To ignore the clear and plain language of the last sentence of Art. 5, § 14, supra, would be contrary to the well established fundamental rules of constitutional construction that no word or words shall be assumed to be mere surplusage.
*78I cannot agree that the decision of our Supreme Court in Hendricks, Secy., etc. v. State N. W. Crime Comm. (1964), 245 Ind. 43, 196 N. E. 2d 66, 2 Ind. Dec. 722, is authority for plaintiff’s position. A reading of the two majority and one dissenting opinions discloses that said case involved only an interpretation of that part of Art. 5, § 14 of the Indiana Constitution reading “unless the general adjournment shall prevent its return;” and the issue of presentation of a bill “within two days next previous to the final adjournment” was neither raised, briefed, argued or considered by the court. However said decision does indirectly support my position in the present case. In Judge Achor’s concurring opinion, at pages 54, 55 of 245 Ind. is the following language, “However, the Indiana constitution contains express and explicit provision that (except as to bills sent to the Governor during the last two days of the session) all bills passed by the Legislature and presented to the Governor but not signed by him must be returned to the Legislature for reconsideration.”

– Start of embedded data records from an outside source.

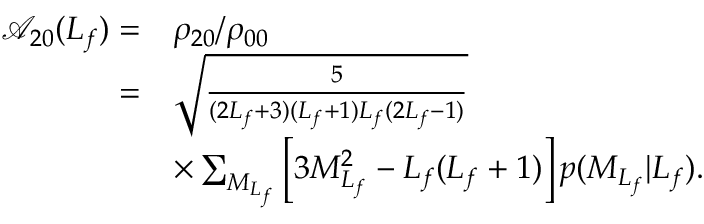
\begin{array} { r l } { \mathcal { A } _ { 2 0 } ( L _ { f } ) = } & { \rho _ { 2 0 } / \rho _ { 0 0 } } \\ { = } & { \sqrt { \frac { 5 } { ( 2 L _ { f } + 3 ) ( L _ { f } + 1 ) L _ { f } ( 2 L _ { f } - 1 ) } } } \\ & { \times \sum _ { M _ { L _ { f } } } \left[ 3 { M } _ { L _ { f } } ^ { 2 } - L _ { f } ( L _ { f } + 1 ) \right] p ( { M } _ { L _ { f } } \vert L _ { f } ) . } \end{array}
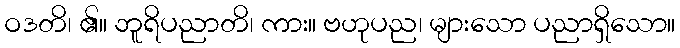
ဝဒတိ၊ ၏။ ဘူရိပညာတိ၊ ကား။ ဗဟုပည၊ များသော ပညာရှိသော။
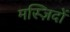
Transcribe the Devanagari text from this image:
मस्ज़िदों
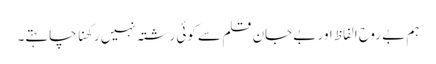
ہم بے روح الفاظ اور بے جان قلم سے کوئی رشتہ نہیں رکھنا چاہتے۔
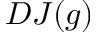
D J ( g )
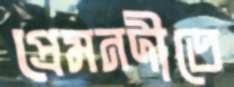
প্রেমনদীতে
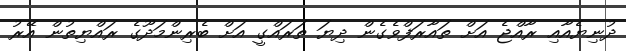
ދުނިޔެއާއި ރާއްޖެ އަށް ތައާރަފްވެގެން ދިޔަ ތަރައްގީ އަށް ބެރިންމަދޫގެ ރައްޔިތުން އޭރު
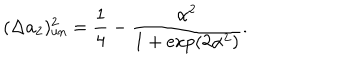
( \Delta a _ { 2 } ) _ { \mathrm { u n } } ^ { 2 } = \frac { 1 } { 4 } - \frac { \alpha ^ { 2 } } { 1 + \exp ( 2 \alpha ^ { 2 } ) } .
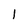
Character: l
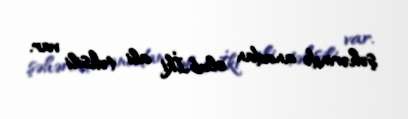
şəhərində anadan olub.İki ali təhsili var.
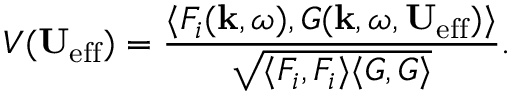
V ( \mathbf { U } _ { \mathrm { e f f } } ) = \frac { \langle F _ { i } ( \mathbf { k } , \omega ) , G ( \mathbf { k } , \omega , \mathbf { U } _ { \mathrm { e f f } } ) \rangle } { \sqrt { \langle F _ { i } , F _ { i } \rangle \langle G , G \rangle } } .
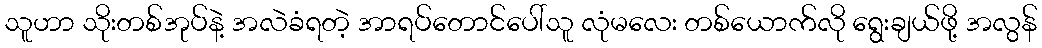
သူဟာ သိုးတစ်အုပ်နဲ့ အလဲခံရတဲ့ အာရပ်တောင်ပေါ်သူ လုံမလေး တစ်ယောက်လို ရွေးချယ်ဖို့ အလွန်
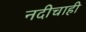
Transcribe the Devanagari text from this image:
नदीचाही
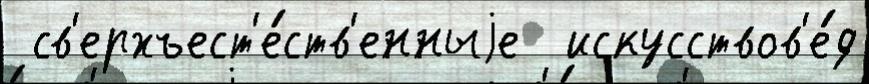
 св'ерхъест'е́ств'енныjе  искусствов'е́д
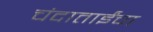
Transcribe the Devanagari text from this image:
चंदाताईंचा

Again, at page 60 of 245 Ind. Judge Achor states, “furthermore, any bill which is presented to the Governor (except within the last two days of the session) must be returned to the next session of the Legislature for its action, notwithstanding the general adjournment thereof.”

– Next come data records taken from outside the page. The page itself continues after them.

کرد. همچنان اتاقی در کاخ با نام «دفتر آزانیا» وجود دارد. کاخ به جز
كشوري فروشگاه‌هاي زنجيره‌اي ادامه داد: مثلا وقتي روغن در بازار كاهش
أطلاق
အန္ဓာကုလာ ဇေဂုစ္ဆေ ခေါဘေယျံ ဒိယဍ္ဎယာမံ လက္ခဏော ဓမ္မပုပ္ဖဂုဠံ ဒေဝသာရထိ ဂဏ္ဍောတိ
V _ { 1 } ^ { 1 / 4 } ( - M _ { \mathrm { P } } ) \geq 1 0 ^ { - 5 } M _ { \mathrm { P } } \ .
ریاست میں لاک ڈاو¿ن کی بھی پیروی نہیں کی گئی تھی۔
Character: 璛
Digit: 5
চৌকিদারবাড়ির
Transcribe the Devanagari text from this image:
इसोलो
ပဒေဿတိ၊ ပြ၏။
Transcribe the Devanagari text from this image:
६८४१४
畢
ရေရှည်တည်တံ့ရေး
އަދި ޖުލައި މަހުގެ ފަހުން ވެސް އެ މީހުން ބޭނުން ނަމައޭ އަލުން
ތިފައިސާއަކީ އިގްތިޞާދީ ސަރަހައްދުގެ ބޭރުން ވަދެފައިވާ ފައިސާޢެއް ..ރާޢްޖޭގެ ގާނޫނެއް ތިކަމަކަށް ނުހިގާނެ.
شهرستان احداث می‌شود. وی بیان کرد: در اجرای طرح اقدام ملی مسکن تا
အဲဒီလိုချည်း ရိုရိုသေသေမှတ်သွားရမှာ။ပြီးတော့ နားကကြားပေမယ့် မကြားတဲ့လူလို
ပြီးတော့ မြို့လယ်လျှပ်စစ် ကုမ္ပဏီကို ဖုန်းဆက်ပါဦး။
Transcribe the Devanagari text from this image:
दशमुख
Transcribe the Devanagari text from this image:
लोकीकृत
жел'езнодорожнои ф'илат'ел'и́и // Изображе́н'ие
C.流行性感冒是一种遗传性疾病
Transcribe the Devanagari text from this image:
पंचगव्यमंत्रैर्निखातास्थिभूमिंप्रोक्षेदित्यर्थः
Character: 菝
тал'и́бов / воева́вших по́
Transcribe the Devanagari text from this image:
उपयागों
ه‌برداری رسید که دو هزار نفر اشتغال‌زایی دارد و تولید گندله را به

For the reasons above set forth, it is my opinion that House Enrolled Act No. 1818 did not become law without the signature of the Governor because it was presented; or attempted to be presented, to the Governor within the two-day limitation as set forth in the last sentence of Art. 5, § 14 of the Constitution of Indiana.

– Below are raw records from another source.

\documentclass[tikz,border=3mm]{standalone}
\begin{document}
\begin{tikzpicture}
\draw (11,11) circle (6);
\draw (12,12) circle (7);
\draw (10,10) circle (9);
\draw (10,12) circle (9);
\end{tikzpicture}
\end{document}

Plaintiff’s motion for judgment therefore should be denied and defendants’ motion for judgment sustained.
Therefore, in my opinion, judgment should be entered for the defendants, with costs against the plaintiff.
*79Bierly and Prime, JJ., concur.
JOSEPH D. GEESLIN JR., CARLETON L. PHILLIPPI and DURWOOD STRANG, as members of State Board of Tax Commissioners of Indiana, RICHARD D. GREEN, as Inheritance Tax Administration Defendants.1
. On December 31, 1968, the date of the judgment in this case, the named defendants were the then incumbent officeholders and were named in their capacities as such officeholders, viz: Roger D. Branigin, as a Member of the Indiana Revenue Board; John P. Gallagher, Auditor of the State of Indiana, and as a Member of the Indiana Revenue Board; William L. Fortune, Commissioner of the Indiana Department of State Revenue; and Larry P. Mohr and Herbert C. Holmes, as Members of the State Board of Tax Commissioners of Indiana; and T. Michael 'Smith, as Inheritance Tax Administrator. This court takes judicial notice that these named defendants are no longer in office, and the court, on its own motion, has substituted the present incumbents in office as the nominal defendants.